In ultima analisi il “popolo di emigranti” che sta in noi sembra lentamente riemergere, ma lo fa con numeri (al momento ancora contenuti) e con connotati ben diversi dal passato. Ad esempio è interessante far notare che in corrispondenza delle età che vanno dal 20esimo al 35esimo compleanno – verosimilmente riferibili a soggetti che hanno appena completato il percorso di formazione – il saldo anagrafico intercensuario dei residenti con cittadinanza italiana sia risultato negativo nel decennio 2002-2011 per alcune decine di migliaia di unità; il tutto nonostante, nel frattempo, ci sia stato un non marginale apporto di giovani stranieri divenuti italiani per acquisto di cittadinanza.
In sostanza, i dati più recenti mostrano come nelle fasce d’età critiche – quelle di cui tanto si parla (e poco si fa) – sia in atto uno scambio interno alla popolazione in possesso della cittadinanza italiana, vale a dire: il surplus di cancellazioni per l’estero dei giovani “italiani dalla nascita”, tende a essere compensato dal contributo fornito (specie per la componente femminile) dai giovani immigrati “divenuti italiani” per naturalizzazione o per matrimonio.

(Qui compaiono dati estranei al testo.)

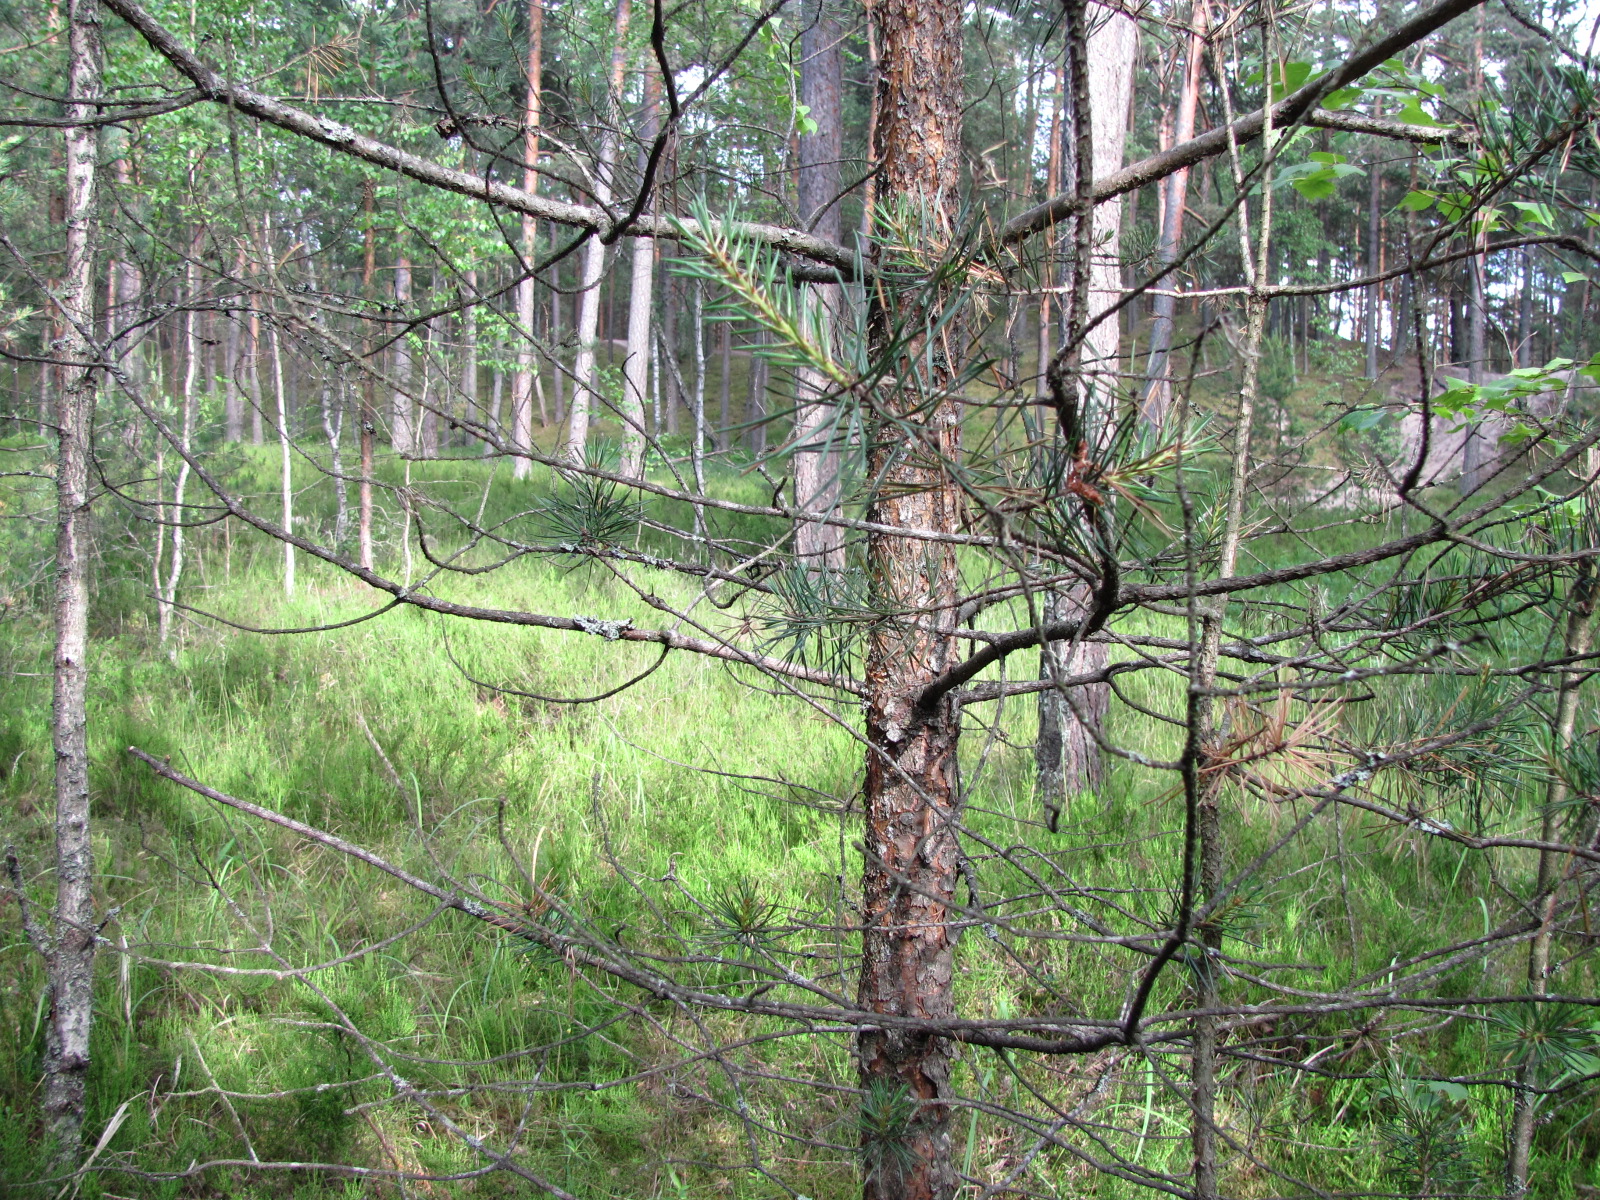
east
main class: Woodland
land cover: Pine dominated coniferous woodland
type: hemiboreal forest and nemoral coniferous forest and mixed broadleaved-coniferous forest
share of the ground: > 75 %
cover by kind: coniferous forest trees 80 %, herbaceous plants 10 %, broadleaved forest trees 5 %, lichens and mosses 5 %
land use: Forestry
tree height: > 5 m
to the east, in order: Pine dominated coniferous woodland; Tracks; Pine dominated mixed woodland; Pine dominated coniferous woodland
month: June
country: LV
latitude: 57.0063
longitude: 23.9961
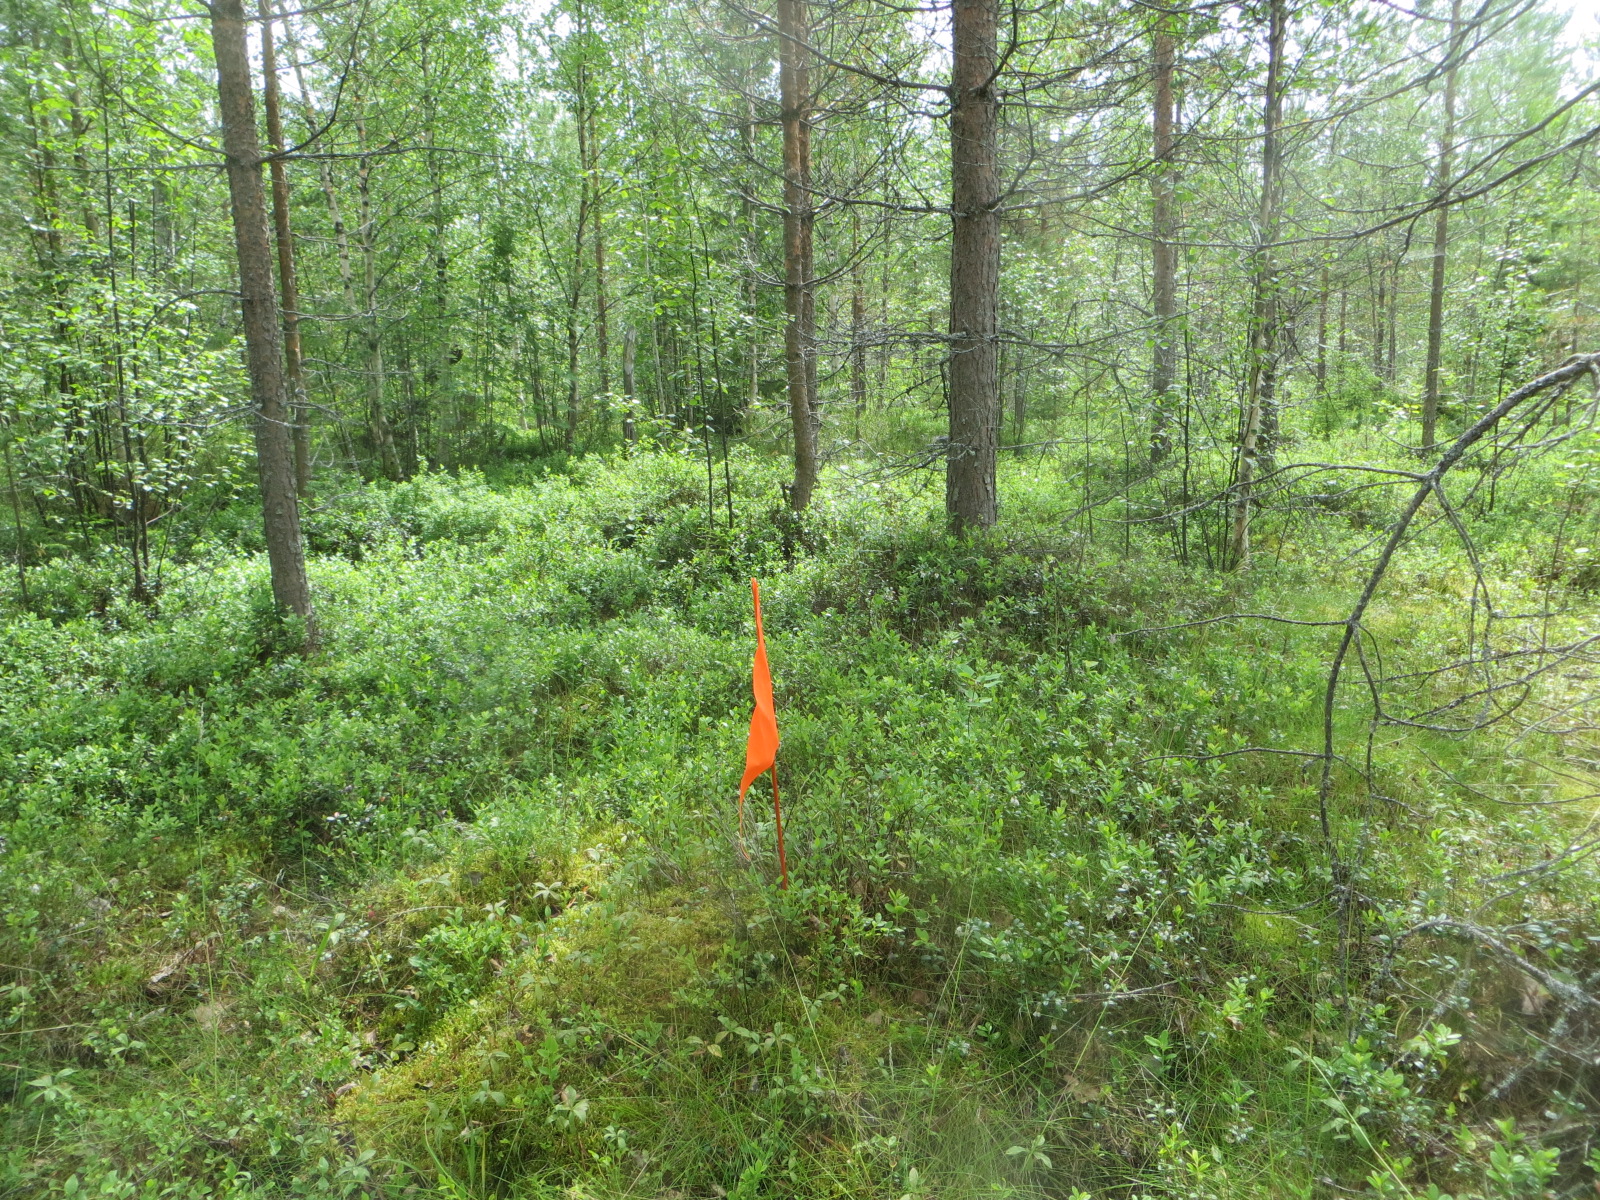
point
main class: Woodland
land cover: Pine dominated mixed woodland
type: boreal forest
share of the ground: > 75 %
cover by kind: coniferous forest trees 50 %, shrubs 30 %, broadleaved forest trees 20 %
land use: Forestry
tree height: > 5 m
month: July
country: FI
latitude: 65.6111
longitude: 25.2855

Quanto poi alla dinamica della natalità – altro tema scottante – il bilancio anagrafico dell’Istat segnala nel 2012 una frequenza di 543mila casi, 12mila in meno dello scorso anno e in contrapposizione ai 19mila morti accertati in più.
L’adattamento degli stranieri al nostro modello di bassa fecondità – documentato dal rapido passaggio dai 2,5 figli in media per donna straniera nel 2006 ai circa due di oggi − sembra dunque prevalere sia sull’effetto natalità dovuto alla crescita numerica della popolazione immigrata, sia sul progressivo aumento delle presenze di tipo familiare.
Sul fronte della mobilità interna, che ha complessivamente coinvolto circa 1,6 milioni di persone secondo un modello che conferma le tradizionali direttrici Sud-CentroNord, i dati del bilancio Istat del 2012 attribuiscono agli stranieri una vivacità superiore alla media: essi rappresentano poco più del 7% dei residenti in Italia, ma detengono una quota del 18% del totale dei movimenti entro il territorio nazionale.
Infine, il panorama delle famiglie italiane − intese secondo la mera definizione anagrafica − segnala al 31 dicembre 2012 la presenza di 25 milioni e 873mila unità, con un numero medio di componenti pari a 2,3 che riflette un quadro regionale dove si va dal minimo della Liguria con 2 componenti, al massimo della Campania con 2,7. Se si pensa alla media dei 4 componenti dei primi anni 50, ma anche solo agli ancora 3 del 1971, si ha il polso di un cambiamento che va inevitabilmente estendendosi ai modelli di vita e agli equilibri di una società che, tra le tante emergenze, dovrebbe mettere anche quella demografica, e certamente non relegandola in coda.